* Assignment *
Every record below needs to be written out exactly, apart from the pictures.

* Raw data *
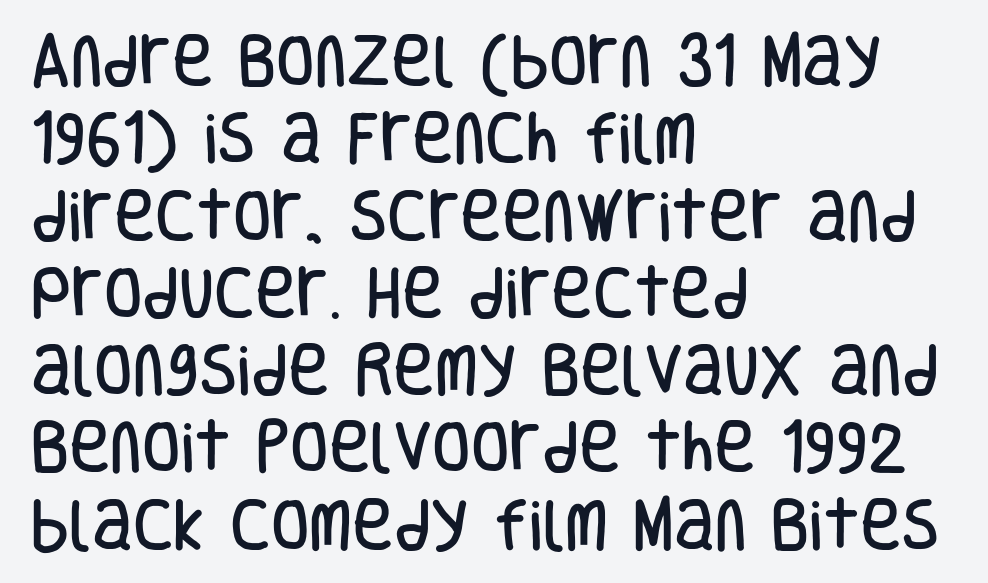
The image shows 56 px condensed sans-serif type, upright; set left-aligned, normal line spacing (1.38x), normal letter spacing, not underlined; low stroke contrast and a large x-height.
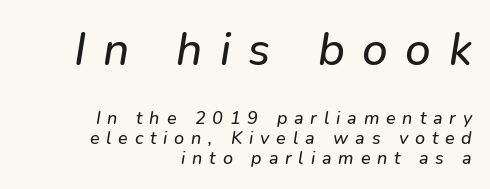
Q: Is the typeface a serif or a sans-serif typeface? A: Sans-serif.
Q: Is the text underlined? A: No.
Q: How is the paragraph aligned? A: Right-aligned.
Q: Is the spacing between letters normal or unusually wide? A: Unusually wide.
Q: Is the spacing between lines tight, normal or loose? A: Tight.
Q: Which block of text is set in a larger size, the first (top) or the second (bottom)? A: The first (top) one.
Q: Width (condensed, normal, or wide)? A: Normal.
Q: Stroke contrast? A: Low.
Q: x-height? A: Medium.
Q: Monospaced? A: No.
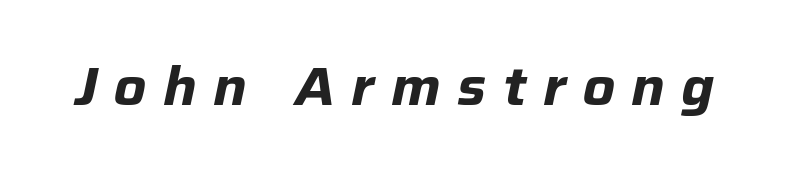
Q: Is the text bold? A: Yes.
Q: Is the text italic (slanted)? A: Yes, it leans right by about 12 degrees.
Q: Is the text underlined? A: No.
Q: Is the spacing between letters normal or unusually wide? A: Unusually wide.
Q: Width (condensed, normal, or wide)? A: Normal.
Q: Stroke contrast? A: Low.
Q: x-height? A: Medium.
Q: Monospaced? A: No.
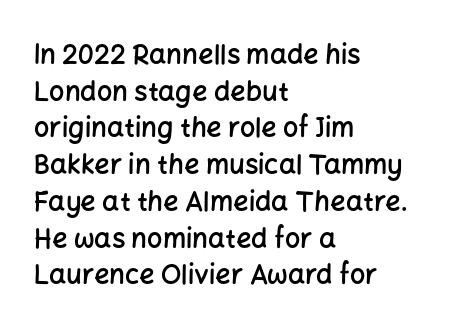
Successive baselines arrive at the customary interval. Nothing unusual about the tracking: characters are spaced as the font intends. Clear beneath every line of the passage. The lettering stays uniformly vertical, giving the passage a roman look. A somewhat darkened texture: the type is semibold rather than bold. Left-aligned paragraph, ragged on the right.
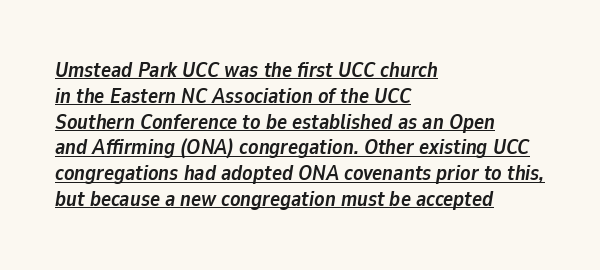
{"italic": "yes", "lean": "right", "slant_degrees": 9, "bold": "yes", "underline": "yes", "align": "left", "line_spacing_ratio": 1.23, "letter_spacing": "normal", "letter_spacing_em": 0.0, "glyph_px": 21}
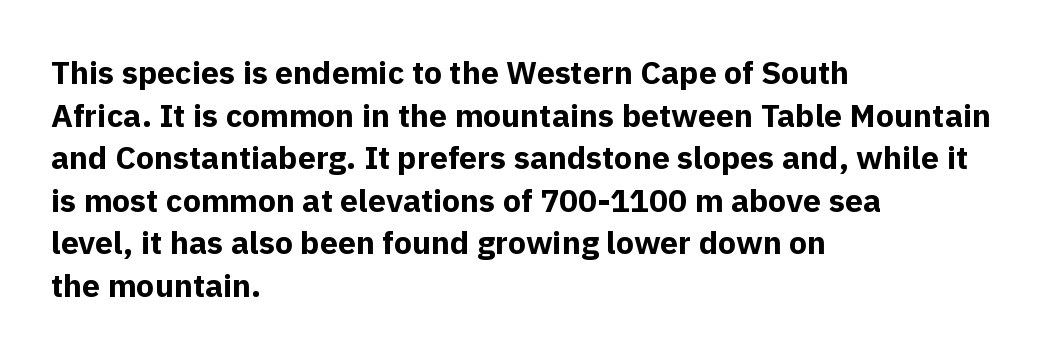
The image shows 32 px bold sans-serif type, upright; set left-aligned, normal line spacing (1.33x), normal letter spacing, not underlined; a medium x-height.
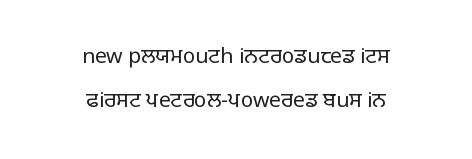
The image shows 21 px text type, upright; set centered, loose line spacing (2.09x), normal letter spacing, not underlined.
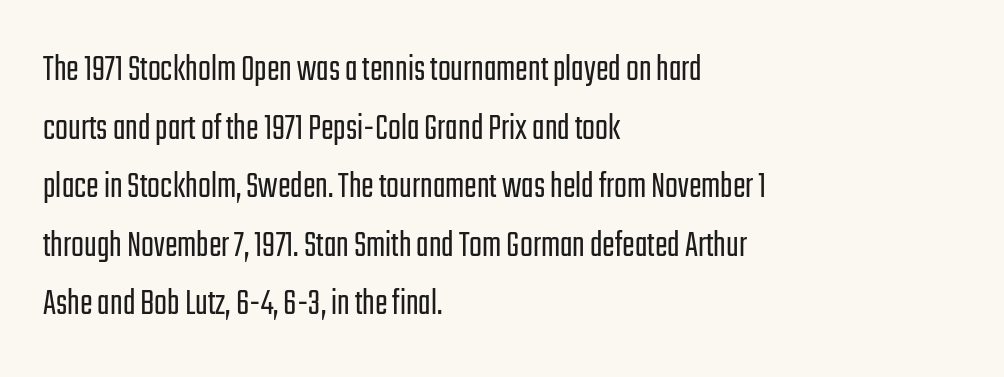
Short note: letters normally spaced. The passage shown is typed in a proportional face where columns would drift. You can tell it's not italic because the verticals are truly vertical. These glyphs show unthickened strokes, regular width or finer. Layout note: lines flush left.
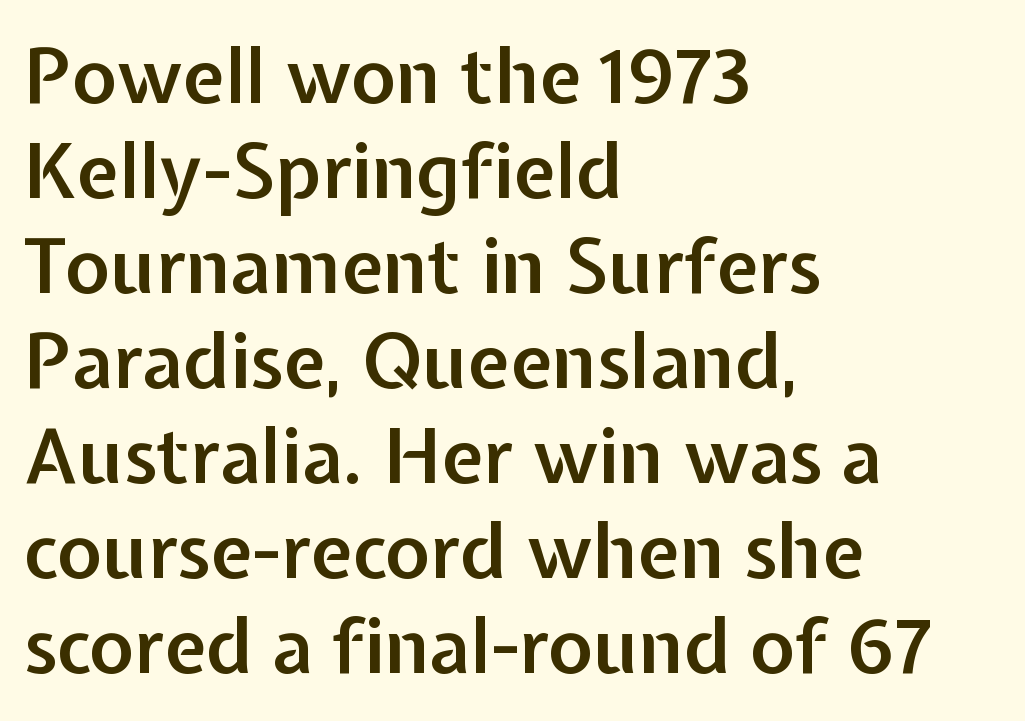
Q: Is the text bold? A: Semi-bold.
Q: Is the text italic (slanted)? A: No, it is upright.
Q: Is the typeface a serif or a sans-serif typeface? A: Sans-serif.
Q: Is the text underlined? A: No.
Q: How is the paragraph aligned? A: Left-aligned.
Q: Is the spacing between letters normal or unusually wide? A: Normal.
Q: Is the spacing between lines tight, normal or loose? A: Normal.
Q: Width (condensed, normal, or wide)? A: Normal.
Q: Stroke contrast? A: Low.
Q: x-height? A: Medium.
Q: Monospaced? A: No.

* Solution to this problem *
The image shows 56 px condensed sans-serif type, upright; set left-aligned, normal line spacing (1.38x), normal letter spacing, not underlined; low stroke contrast and a large x-height.
Q: Is the typeface a serif or a sans-serif typeface? A: Sans-serif.
Q: Is the text underlined? A: No.
Q: How is the paragraph aligned? A: Right-aligned.
Q: Is the spacing between letters normal or unusually wide? A: Unusually wide.
Q: Is the spacing between lines tight, normal or loose? A: Tight.
Q: Which block of text is set in a larger size, the first (top) or the second (bottom)? A: The first (top) one.
Q: Width (condensed, normal, or wide)? A: Normal.
Q: Stroke contrast? A: Low.
Q: x-height? A: Medium.
Q: Monospaced? A: No.
Q: Is the text bold? A: Yes.
Q: Is the text italic (slanted)? A: Yes, it leans right by about 12 degrees.
Q: Is the text underlined? A: No.
Q: Is the spacing between letters normal or unusually wide? A: Unusually wide.
Q: Width (condensed, normal, or wide)? A: Normal.
Q: Stroke contrast? A: Low.
Q: x-height? A: Medium.
Q: Monospaced? A: No.
Successive baselines arrive at the customary interval. Nothing unusual about the tracking: characters are spaced as the font intends. Clear beneath every line of the passage. The lettering stays uniformly vertical, giving the passage a roman look. A somewhat darkened texture: the type is semibold rather than bold. Left-aligned paragraph, ragged on the right.
{"italic": "yes", "lean": "right", "slant_degrees": 9, "bold": "yes", "underline": "yes", "align": "left", "line_spacing_ratio": 1.23, "letter_spacing": "normal", "letter_spacing_em": 0.0, "glyph_px": 21}
The image shows 32 px bold sans-serif type, upright; set left-aligned, normal line spacing (1.33x), normal letter spacing, not underlined; a medium x-height.
The image shows 21 px text type, upright; set centered, loose line spacing (2.09x), normal letter spacing, not underlined.
Short note: letters normally spaced. The passage shown is typed in a proportional face where columns would drift. You can tell it's not italic because the verticals are truly vertical. These glyphs show unthickened strokes, regular width or finer. Layout note: lines flush left.
Q: Is the text bold? A: Semi-bold.
Q: Is the text italic (slanted)? A: No, it is upright.
Q: Is the typeface a serif or a sans-serif typeface? A: Sans-serif.
Q: Is the text underlined? A: No.
Q: How is the paragraph aligned? A: Left-aligned.
Q: Is the spacing between letters normal or unusually wide? A: Normal.
Q: Is the spacing between lines tight, normal or loose? A: Normal.
Q: Width (condensed, normal, or wide)? A: Normal.
Q: Stroke contrast? A: Low.
Q: x-height? A: Medium.
Q: Monospaced? A: No.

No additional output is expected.